Cross-ref: see [../../rust-code-review/references/types-layout.md](../../rust-code-review/references/types-layout.md)
for wide-pointer and `repr(align)` review checks, and
[../../rust-code-review/references/concurrency-primitives.md](../../rust-code-review/references/concurrency-primitives.md)
for atomic ordering and contention patterns.

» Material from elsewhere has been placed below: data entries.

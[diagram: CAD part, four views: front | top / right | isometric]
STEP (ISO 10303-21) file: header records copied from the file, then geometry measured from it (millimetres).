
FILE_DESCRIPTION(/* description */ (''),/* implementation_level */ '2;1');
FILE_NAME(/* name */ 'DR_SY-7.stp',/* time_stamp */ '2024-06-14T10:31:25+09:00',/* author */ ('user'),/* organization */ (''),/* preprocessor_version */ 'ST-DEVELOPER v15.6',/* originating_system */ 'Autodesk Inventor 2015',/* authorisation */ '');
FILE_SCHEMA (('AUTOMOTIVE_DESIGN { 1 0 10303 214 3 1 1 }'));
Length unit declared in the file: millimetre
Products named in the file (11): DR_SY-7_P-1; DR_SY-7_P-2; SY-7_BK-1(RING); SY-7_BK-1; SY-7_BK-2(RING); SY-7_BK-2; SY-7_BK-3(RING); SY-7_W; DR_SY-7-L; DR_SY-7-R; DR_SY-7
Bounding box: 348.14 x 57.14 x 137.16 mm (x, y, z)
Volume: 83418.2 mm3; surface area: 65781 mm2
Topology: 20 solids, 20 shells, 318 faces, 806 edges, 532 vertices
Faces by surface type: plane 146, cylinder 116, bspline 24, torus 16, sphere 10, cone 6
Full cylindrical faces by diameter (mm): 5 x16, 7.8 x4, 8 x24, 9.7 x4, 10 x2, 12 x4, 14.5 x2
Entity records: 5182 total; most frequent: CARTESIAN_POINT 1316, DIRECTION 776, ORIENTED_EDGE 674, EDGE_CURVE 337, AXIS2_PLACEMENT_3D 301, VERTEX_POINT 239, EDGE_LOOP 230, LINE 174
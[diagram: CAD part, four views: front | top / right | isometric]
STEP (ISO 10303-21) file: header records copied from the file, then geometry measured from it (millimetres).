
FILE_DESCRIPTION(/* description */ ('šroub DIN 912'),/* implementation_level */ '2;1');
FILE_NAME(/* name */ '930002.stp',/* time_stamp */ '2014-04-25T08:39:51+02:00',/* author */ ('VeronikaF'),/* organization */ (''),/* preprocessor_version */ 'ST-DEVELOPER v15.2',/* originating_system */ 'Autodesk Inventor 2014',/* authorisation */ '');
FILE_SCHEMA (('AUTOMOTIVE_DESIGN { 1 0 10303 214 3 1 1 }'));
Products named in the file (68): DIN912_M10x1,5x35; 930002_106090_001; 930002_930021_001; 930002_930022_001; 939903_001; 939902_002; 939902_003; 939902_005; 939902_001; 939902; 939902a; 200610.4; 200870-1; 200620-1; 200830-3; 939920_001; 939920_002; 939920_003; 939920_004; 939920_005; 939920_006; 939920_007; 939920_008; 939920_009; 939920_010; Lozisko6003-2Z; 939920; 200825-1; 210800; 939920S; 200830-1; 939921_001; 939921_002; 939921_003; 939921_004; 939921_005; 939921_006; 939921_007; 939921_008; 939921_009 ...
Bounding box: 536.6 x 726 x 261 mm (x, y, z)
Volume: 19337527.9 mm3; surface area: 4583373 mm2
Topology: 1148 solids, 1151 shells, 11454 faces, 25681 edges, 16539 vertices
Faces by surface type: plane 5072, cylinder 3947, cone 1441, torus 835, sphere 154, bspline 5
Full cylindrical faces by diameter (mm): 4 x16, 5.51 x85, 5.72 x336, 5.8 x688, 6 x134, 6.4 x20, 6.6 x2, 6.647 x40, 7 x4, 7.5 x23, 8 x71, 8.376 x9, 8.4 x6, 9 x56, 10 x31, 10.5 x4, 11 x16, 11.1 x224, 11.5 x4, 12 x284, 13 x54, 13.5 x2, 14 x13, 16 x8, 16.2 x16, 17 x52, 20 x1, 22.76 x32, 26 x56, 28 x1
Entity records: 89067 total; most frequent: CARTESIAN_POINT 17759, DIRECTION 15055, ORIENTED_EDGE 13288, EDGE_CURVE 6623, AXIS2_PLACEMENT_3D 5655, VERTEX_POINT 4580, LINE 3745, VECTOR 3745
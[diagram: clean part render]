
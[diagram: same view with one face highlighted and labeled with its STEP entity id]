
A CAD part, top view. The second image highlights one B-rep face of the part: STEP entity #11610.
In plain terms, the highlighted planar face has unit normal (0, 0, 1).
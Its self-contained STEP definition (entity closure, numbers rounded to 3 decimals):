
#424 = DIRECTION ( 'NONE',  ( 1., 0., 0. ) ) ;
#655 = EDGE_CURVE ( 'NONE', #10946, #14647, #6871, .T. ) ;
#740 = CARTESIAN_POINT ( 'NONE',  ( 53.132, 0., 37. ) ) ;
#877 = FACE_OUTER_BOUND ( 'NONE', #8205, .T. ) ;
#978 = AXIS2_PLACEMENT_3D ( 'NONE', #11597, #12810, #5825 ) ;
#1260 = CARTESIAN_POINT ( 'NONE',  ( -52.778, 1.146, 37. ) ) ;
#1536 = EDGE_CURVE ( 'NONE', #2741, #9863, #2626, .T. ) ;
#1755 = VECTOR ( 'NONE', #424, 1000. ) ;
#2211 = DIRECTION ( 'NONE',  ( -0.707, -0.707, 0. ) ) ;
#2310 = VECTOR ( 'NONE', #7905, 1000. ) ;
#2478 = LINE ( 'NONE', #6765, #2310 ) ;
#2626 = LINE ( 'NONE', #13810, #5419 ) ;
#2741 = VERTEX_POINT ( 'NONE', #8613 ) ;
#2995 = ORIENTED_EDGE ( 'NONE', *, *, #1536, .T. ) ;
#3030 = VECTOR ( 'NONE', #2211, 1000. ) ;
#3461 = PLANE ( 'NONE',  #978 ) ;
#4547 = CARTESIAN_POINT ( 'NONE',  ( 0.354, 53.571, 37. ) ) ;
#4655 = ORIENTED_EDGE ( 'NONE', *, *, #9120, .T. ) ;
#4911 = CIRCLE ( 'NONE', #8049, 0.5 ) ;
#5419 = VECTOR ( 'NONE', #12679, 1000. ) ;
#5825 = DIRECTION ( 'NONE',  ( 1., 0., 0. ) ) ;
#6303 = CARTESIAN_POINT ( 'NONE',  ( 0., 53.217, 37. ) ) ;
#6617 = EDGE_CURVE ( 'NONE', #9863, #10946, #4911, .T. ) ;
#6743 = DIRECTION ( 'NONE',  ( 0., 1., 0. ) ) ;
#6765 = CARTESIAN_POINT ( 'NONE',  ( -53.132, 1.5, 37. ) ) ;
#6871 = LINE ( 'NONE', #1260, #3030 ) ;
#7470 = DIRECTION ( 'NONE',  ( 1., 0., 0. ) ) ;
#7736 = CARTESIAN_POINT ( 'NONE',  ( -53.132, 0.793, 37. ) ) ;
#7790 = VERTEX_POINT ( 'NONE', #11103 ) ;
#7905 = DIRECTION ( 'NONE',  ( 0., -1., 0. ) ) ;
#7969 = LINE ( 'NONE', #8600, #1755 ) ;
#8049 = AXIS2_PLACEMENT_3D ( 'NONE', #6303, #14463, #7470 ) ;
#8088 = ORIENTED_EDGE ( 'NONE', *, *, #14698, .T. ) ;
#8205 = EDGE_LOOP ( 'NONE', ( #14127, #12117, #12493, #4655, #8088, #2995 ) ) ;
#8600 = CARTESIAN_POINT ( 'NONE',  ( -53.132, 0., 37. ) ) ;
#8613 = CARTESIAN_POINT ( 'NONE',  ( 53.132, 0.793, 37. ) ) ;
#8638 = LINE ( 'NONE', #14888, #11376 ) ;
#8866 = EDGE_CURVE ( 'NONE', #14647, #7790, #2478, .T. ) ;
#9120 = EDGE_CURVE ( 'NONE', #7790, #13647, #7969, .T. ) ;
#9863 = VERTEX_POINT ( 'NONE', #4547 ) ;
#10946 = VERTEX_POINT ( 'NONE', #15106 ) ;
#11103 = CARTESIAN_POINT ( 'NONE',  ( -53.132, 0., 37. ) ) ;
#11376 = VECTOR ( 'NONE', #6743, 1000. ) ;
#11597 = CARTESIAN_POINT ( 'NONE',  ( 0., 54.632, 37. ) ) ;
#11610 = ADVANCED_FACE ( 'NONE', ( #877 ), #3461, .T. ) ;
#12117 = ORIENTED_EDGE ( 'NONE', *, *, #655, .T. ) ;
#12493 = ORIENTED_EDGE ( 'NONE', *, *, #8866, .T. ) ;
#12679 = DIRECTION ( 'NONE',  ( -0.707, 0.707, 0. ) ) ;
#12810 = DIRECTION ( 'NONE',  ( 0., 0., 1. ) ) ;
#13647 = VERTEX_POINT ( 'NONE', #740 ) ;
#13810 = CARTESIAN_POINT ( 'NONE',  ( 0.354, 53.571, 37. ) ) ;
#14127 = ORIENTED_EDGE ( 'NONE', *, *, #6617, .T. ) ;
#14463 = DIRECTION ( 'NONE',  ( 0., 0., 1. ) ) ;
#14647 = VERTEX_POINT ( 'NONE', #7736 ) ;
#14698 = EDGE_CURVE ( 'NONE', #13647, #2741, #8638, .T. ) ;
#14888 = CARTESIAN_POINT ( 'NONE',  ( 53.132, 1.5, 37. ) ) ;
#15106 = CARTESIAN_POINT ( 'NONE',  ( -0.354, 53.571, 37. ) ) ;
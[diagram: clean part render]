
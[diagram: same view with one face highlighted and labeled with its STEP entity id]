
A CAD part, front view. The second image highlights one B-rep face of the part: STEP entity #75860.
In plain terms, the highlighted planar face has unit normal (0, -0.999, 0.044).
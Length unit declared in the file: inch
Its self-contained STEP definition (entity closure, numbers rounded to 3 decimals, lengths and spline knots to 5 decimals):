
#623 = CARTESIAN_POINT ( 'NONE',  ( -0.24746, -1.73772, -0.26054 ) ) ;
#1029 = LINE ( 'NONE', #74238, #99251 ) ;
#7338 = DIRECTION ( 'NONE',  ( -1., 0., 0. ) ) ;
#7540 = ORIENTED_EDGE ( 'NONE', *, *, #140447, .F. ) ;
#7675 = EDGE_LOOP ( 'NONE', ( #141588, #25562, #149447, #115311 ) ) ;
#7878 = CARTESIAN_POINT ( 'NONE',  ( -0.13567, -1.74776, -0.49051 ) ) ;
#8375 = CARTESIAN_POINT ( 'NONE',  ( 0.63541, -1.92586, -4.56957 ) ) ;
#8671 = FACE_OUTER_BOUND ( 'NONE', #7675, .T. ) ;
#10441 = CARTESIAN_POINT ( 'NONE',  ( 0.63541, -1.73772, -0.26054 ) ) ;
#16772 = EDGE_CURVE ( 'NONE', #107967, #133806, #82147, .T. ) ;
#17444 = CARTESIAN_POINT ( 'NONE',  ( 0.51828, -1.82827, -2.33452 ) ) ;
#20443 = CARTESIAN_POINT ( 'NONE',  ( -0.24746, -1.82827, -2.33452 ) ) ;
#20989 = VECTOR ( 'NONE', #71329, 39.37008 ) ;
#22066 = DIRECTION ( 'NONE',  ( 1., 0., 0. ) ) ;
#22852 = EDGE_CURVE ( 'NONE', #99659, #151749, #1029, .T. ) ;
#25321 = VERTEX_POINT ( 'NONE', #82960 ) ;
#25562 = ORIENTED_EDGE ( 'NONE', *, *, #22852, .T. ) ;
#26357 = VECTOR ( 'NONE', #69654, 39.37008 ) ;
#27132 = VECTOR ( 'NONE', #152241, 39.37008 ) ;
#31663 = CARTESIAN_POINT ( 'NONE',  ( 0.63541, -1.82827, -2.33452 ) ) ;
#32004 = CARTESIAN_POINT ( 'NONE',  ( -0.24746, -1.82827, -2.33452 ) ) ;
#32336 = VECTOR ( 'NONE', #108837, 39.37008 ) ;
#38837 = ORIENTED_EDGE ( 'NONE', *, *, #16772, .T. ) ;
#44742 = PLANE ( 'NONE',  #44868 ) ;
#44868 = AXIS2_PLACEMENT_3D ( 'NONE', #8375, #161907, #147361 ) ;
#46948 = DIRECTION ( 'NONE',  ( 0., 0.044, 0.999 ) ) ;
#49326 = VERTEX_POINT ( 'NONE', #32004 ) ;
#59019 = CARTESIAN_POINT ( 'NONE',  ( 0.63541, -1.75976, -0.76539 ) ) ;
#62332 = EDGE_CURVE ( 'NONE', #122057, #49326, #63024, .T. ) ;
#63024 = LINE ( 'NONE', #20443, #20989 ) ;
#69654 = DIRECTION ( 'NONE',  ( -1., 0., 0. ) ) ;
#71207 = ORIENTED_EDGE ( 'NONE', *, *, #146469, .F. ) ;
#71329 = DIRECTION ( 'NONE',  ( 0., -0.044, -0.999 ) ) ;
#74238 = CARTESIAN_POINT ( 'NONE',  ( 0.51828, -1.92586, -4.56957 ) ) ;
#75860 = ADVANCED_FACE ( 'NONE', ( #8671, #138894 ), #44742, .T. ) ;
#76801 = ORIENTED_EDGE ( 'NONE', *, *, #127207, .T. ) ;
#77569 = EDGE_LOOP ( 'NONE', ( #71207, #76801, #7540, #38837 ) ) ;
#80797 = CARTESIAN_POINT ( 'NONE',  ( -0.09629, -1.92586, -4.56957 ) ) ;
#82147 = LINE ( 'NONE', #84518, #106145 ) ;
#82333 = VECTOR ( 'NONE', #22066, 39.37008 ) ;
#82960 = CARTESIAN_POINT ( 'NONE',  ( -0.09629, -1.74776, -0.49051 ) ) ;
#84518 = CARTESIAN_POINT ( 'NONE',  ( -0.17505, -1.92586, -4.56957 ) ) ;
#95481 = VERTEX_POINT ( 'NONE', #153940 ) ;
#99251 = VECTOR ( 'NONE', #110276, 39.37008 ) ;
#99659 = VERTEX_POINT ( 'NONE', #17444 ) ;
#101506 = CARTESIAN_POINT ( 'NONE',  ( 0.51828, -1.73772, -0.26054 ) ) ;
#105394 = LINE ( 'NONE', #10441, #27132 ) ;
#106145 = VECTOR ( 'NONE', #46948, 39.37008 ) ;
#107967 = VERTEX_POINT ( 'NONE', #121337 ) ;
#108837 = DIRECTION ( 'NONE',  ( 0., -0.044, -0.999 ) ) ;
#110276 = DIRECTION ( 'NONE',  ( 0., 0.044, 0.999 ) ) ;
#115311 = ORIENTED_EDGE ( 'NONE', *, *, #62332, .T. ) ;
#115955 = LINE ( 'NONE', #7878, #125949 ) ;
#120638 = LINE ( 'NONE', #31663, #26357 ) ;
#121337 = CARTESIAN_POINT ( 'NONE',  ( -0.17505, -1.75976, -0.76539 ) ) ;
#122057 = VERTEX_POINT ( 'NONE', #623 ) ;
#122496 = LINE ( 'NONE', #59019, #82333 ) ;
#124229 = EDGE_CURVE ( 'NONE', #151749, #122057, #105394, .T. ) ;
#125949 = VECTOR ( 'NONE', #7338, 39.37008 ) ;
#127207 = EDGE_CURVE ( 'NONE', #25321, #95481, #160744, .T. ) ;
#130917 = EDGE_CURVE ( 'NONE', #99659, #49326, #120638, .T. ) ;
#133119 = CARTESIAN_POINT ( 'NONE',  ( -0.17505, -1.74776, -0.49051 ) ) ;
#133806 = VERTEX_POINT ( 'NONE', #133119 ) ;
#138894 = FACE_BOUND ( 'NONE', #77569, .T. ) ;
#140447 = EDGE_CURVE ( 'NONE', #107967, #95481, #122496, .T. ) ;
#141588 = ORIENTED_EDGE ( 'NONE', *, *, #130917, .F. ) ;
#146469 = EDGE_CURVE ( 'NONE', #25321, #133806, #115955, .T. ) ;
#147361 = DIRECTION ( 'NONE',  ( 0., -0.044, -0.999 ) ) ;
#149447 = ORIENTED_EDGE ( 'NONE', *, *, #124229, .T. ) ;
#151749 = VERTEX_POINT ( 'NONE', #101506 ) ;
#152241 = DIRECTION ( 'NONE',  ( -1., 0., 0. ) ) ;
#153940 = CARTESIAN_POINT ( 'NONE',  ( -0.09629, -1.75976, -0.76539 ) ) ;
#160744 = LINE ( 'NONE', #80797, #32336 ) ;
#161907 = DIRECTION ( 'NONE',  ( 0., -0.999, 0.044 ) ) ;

## Criterion Benchmarking Discipline

`criterion` is the de facto Rust benchmark harness; it replaces the
unstable nightly `#[bench]` attribute.

- **Statistical confidence.** Criterion runs each benchmark many times,
  reports mean plus standard deviation, and compares against prior
  baselines with a confidence interval. Single-shot timings are noise --
  variance from CPU frequency scaling, ASLR, and kernel scheduling
  dwarfs sub-microsecond differences.
- **Baseline persistence.** `cargo bench -- --save-baseline main` stores
  a baseline named `main`. On a feature branch,
  `cargo bench -- --baseline main` compares against it. CI integrates
  this for regression detection.
- **Regression detection in CI.** Fail the build on greater-than-X%
  regression (typically 5-10%) on hot paths. Treat performance
  regressions as test failures, not warnings.
- **`black_box` discipline.** `criterion::black_box` prevents the
  optimizer from constant-folding the benchmark away. Use
  `black_box(input.as_ptr())` for pointer-flavored inputs -- the
  optimizer cannot reason about pointer-derived state. `black_box(&input)`
  is sometimes insufficient because the optimizer can see through `&`
  and assume the value is not mutated.
- **`--profile bench`.** Builds benchmarks with release optimizations
  plus debug symbols so flamegraph correlation lines up with source.
- **Keep I/O outside the measurement loop.** File and network setup
  belongs in `bench_function`'s setup closure (or `iter_batched`'s
  routine closure), not the measurement closure. Otherwise you are
  benchmarking I/O.

```rust
use criterion::{black_box, criterion_group, BatchSize, Criterion};

fn bench_parse(c: &mut Criterion) {
    c.bench_function("parse_url", |b| {
        b.iter_batched(
            || generate_input(),                    // setup, untimed
            |input| black_box(parse(input.as_ptr())), // measured
            BatchSize::SmallInput,
        );
    });
}
criterion_group!(benches, bench_parse);
```

## Compile-Time as a Performance Concern

At workspace scale (10+ crates, 100k+ LOC), compile time is a real
developer-productivity tax. Treat it as a perf budget:

- **Split feature flags** so dev iteration disables expensive deps.
  Procedural macros (`syn` with `features = ["full"]`, `serde_derive`,
  `tokio-macros`) are the biggest cost; gate non-essential ones behind
  `#[cfg(feature = "...")]`.
- **`[profile.dev.package.<slow-dep>]` with `opt-level = 3`** makes slow
  deps build once in release and stay cached across dev rebuilds. Useful
  for crypto, regex, image-codec, and other CPU-bound dependencies that
  are otherwise painfully slow in debug.
- **`cargo-bloat`, `cargo-llvm-lines`, `cargo-show-asm`** for diagnosing
  generic-instantiation cost. `cargo llvm-lines` ranks functions by IR
  output volume -- the worst offenders are usually generics worth
  extracting into non-generic inner functions (see Monomorphization
  Budgets above).
- **`RUSTFLAGS="-Zthreads=8"`** on nightly enables the parallel rustc
  frontend, which can halve clean-build times on multi-core machines.